Exercise material
-- Opening Marker --

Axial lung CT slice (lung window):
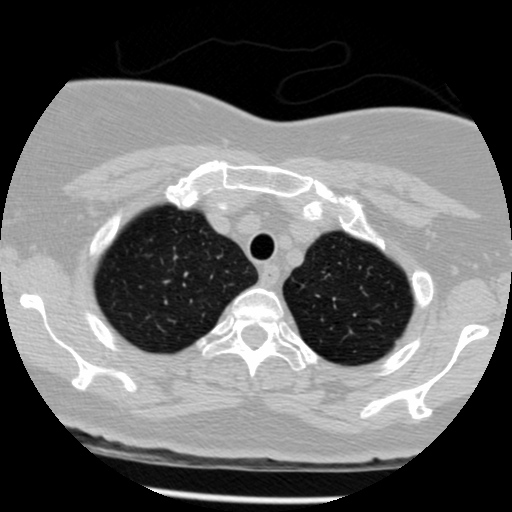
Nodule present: no
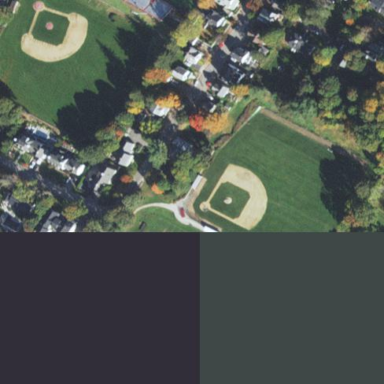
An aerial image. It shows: Baseball pitch for leisure land.
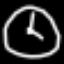
Label: clock
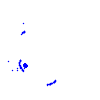
Particle: pion
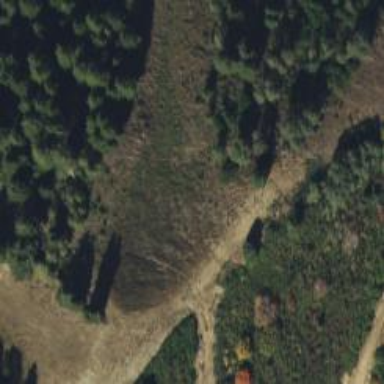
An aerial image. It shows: Advanced backcountry skiing trail with grooming.
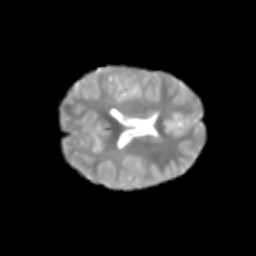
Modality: T2w
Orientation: axial
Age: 6
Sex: male
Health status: healthy
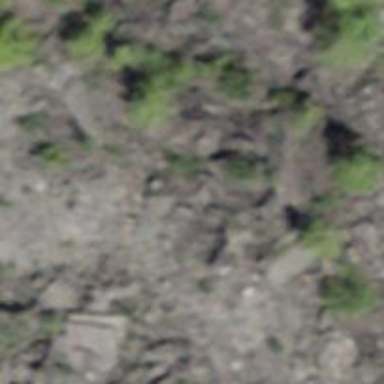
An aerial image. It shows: Natural cliff.
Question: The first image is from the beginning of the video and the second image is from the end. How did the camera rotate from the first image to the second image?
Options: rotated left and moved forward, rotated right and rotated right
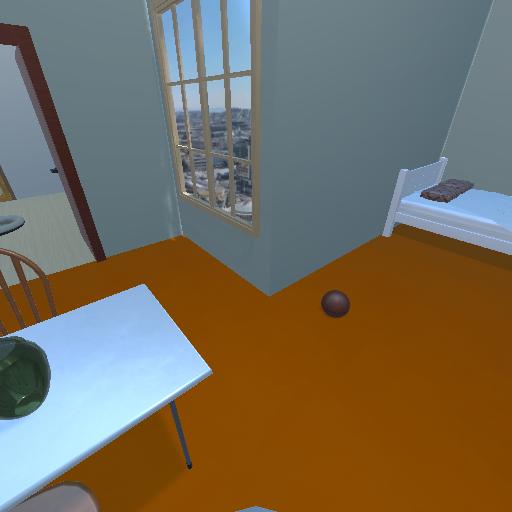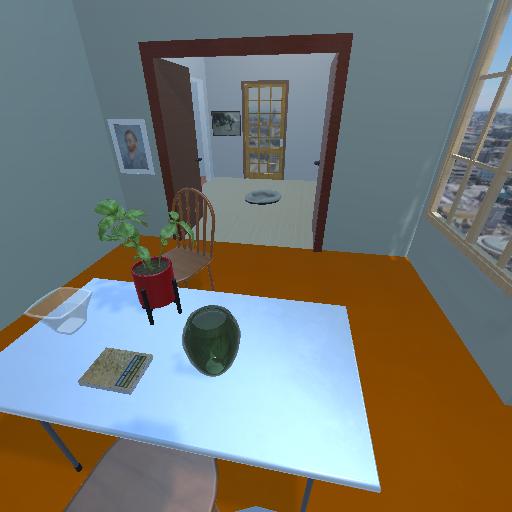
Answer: rotated left and moved forward
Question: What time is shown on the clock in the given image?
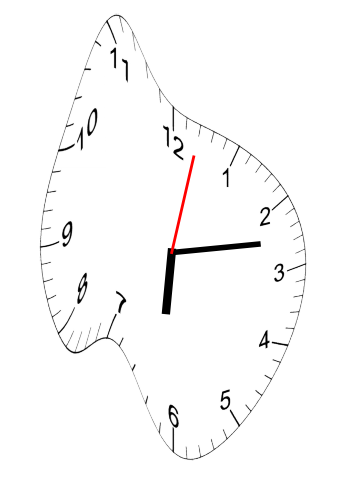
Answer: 06:13:02
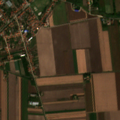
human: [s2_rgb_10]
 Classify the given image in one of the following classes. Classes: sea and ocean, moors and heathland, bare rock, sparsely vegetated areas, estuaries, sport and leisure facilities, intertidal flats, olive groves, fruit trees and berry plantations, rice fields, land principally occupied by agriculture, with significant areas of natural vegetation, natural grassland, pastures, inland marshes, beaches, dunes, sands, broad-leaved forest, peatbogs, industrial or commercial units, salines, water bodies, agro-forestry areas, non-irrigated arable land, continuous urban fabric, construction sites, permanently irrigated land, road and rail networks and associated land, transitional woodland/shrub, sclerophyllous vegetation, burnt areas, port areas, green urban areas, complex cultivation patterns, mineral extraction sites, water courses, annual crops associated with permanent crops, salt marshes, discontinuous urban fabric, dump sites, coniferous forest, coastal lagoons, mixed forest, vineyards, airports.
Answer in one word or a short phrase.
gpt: discontinuous urban fabric, non-irrigated arable land, land principally occupied by agriculture, with significant areas of natural vegetation
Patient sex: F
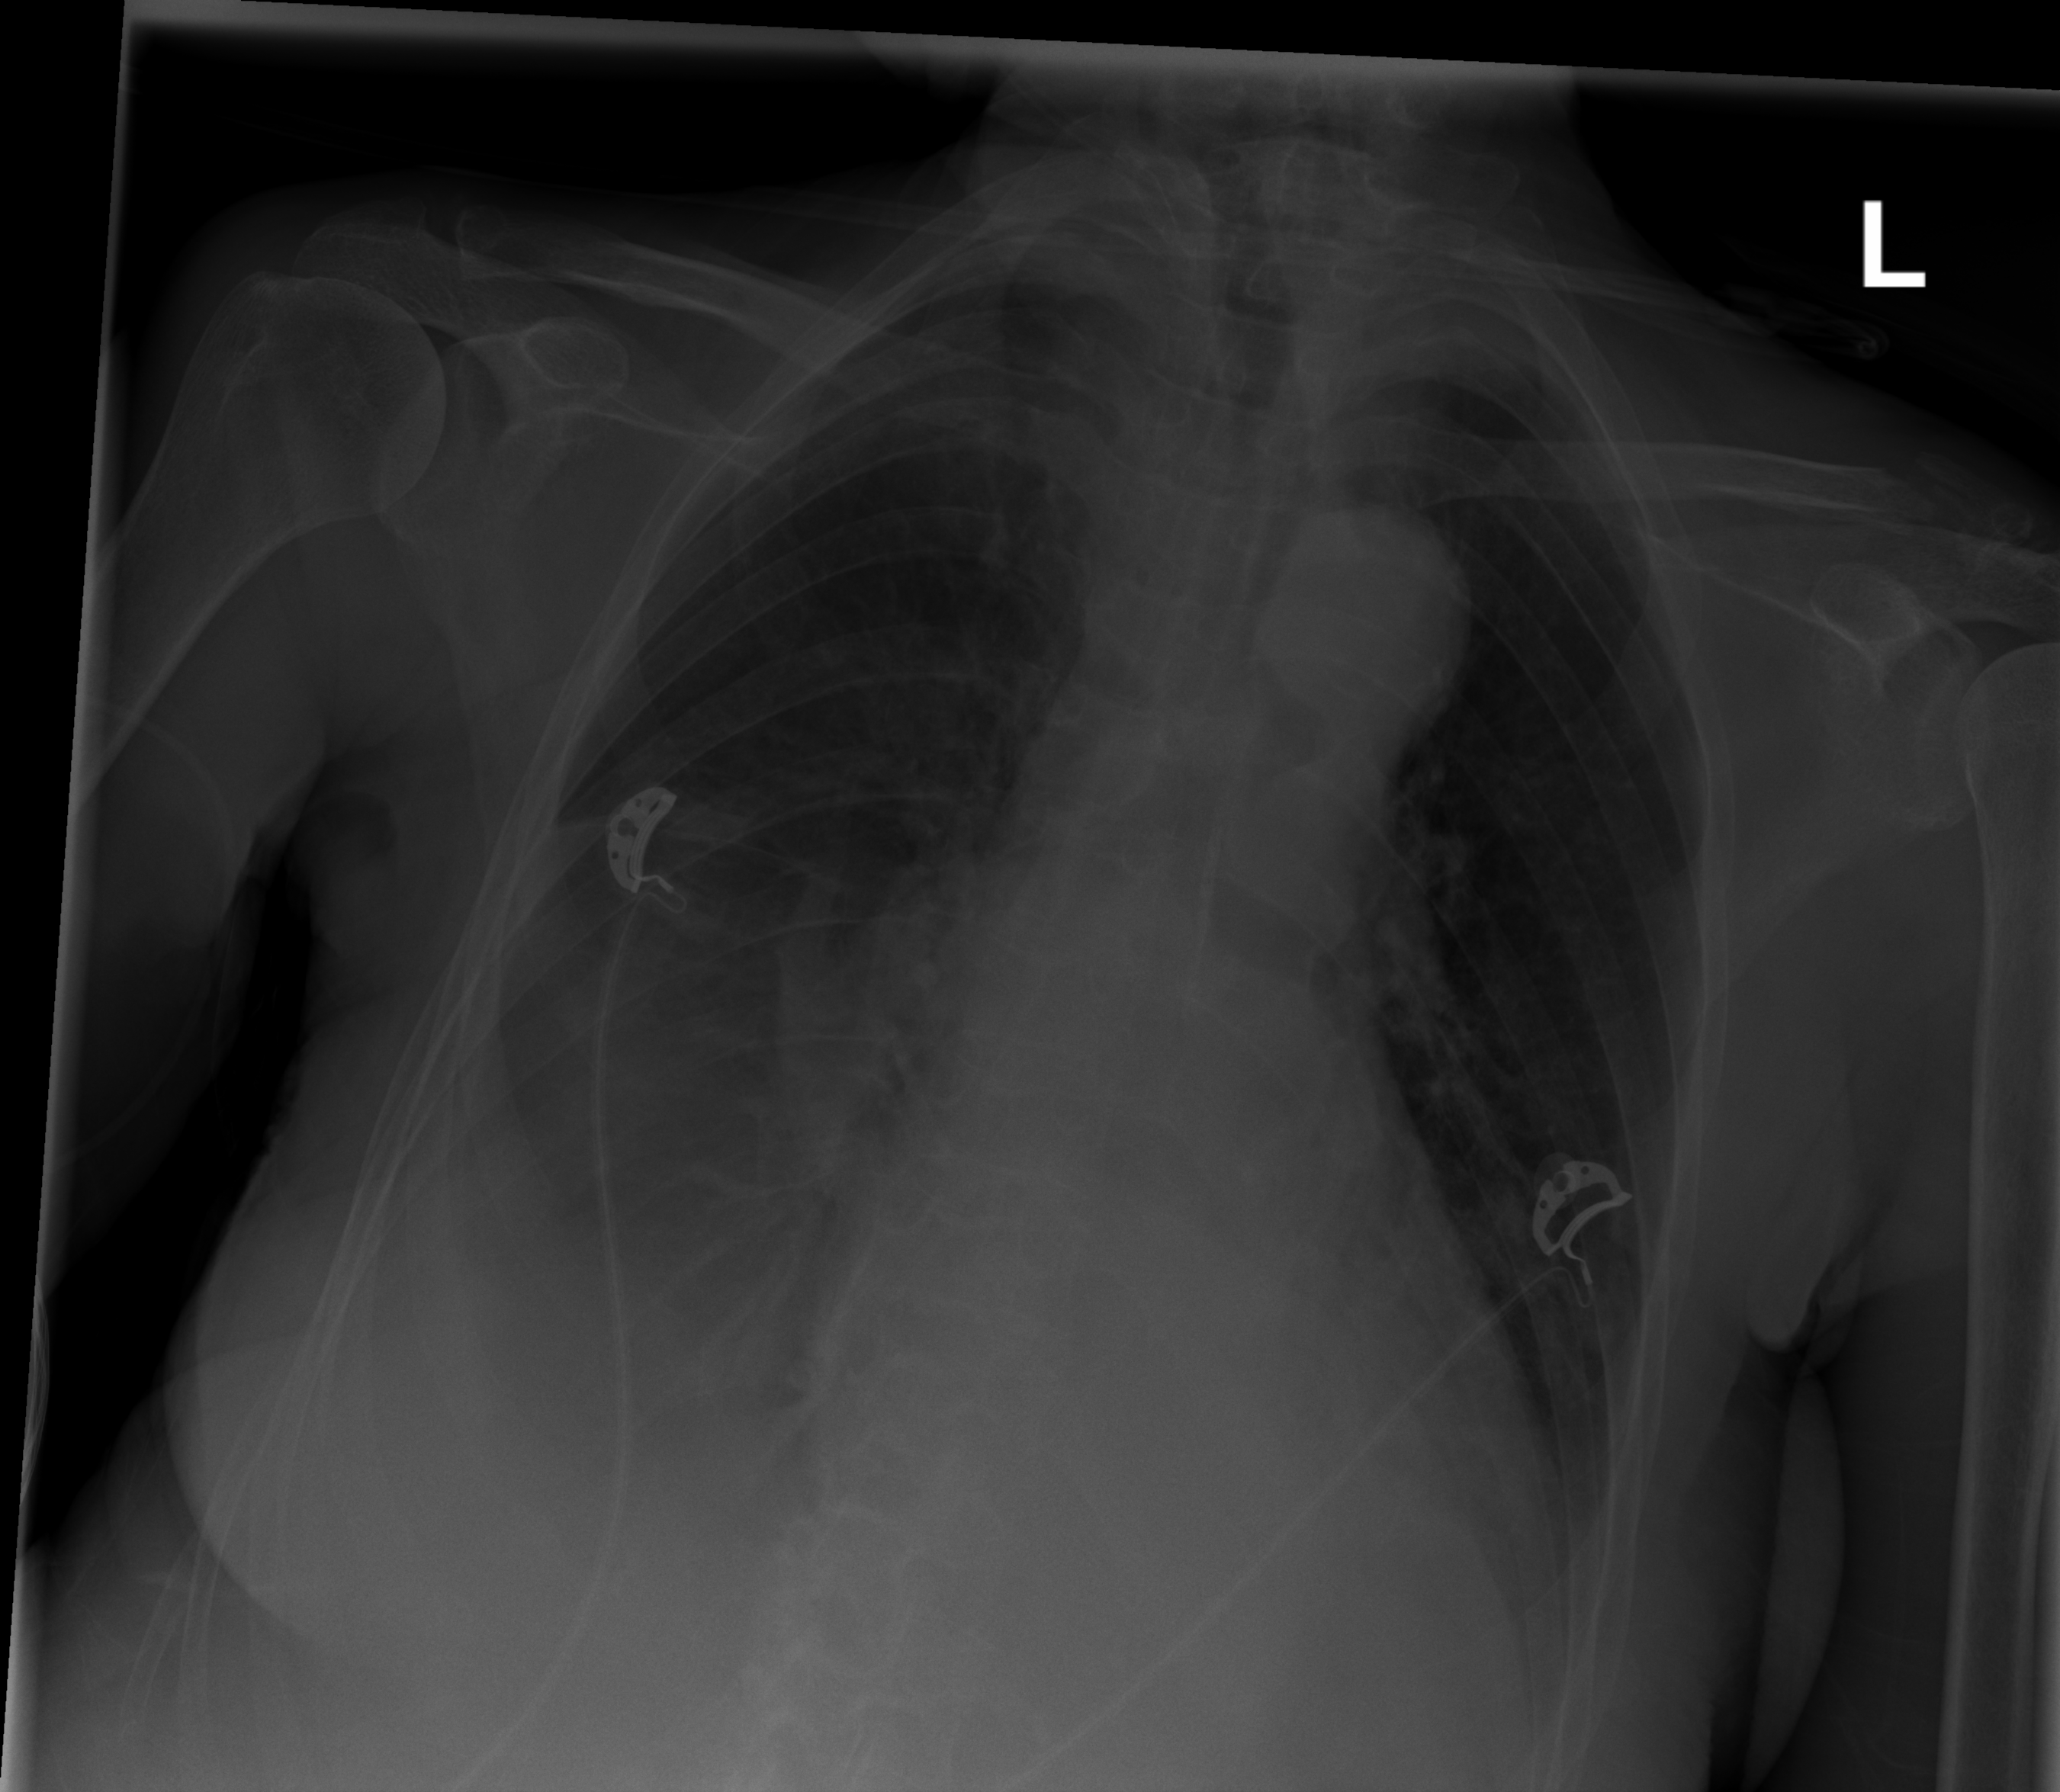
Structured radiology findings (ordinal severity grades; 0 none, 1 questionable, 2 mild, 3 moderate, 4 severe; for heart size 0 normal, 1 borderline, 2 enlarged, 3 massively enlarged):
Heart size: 1
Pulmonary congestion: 0
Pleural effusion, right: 3
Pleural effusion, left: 2
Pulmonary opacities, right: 0
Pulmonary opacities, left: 1
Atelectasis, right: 2
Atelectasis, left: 2
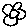
Label: flower
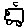
Label: car
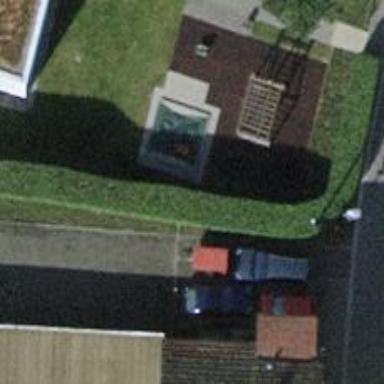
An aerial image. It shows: Hedge barrier.
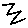
Label: zigzag
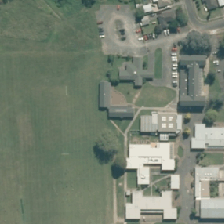
Land cover: urban_parkland
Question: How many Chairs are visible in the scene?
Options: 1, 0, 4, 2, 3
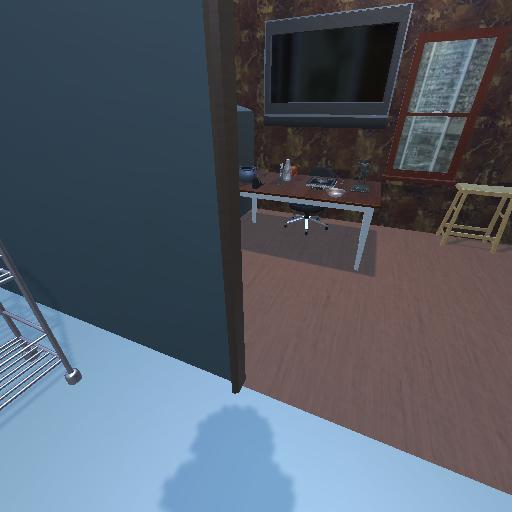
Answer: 1
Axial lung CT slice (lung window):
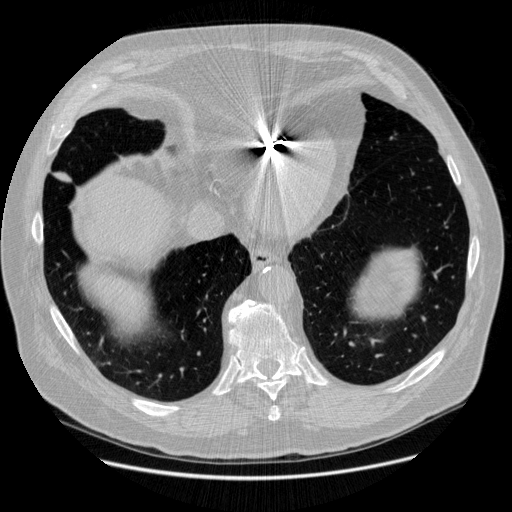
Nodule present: no
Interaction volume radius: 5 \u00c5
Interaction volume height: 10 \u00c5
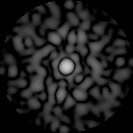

-- Closing Marker --

Task to carry out
Excluding all pictures, output exactly the lines from the line containing "Question: How many" through the last line of the entries above.

Task result
Question: How many Chairs are visible in the scene?
Options: 1, 0, 4, 2, 3
Answer: 1
Axial lung CT slice (lung window):
Nodule present: no
Interaction volume radius: 5 \u00c5
Interaction volume height: 10 \u00c5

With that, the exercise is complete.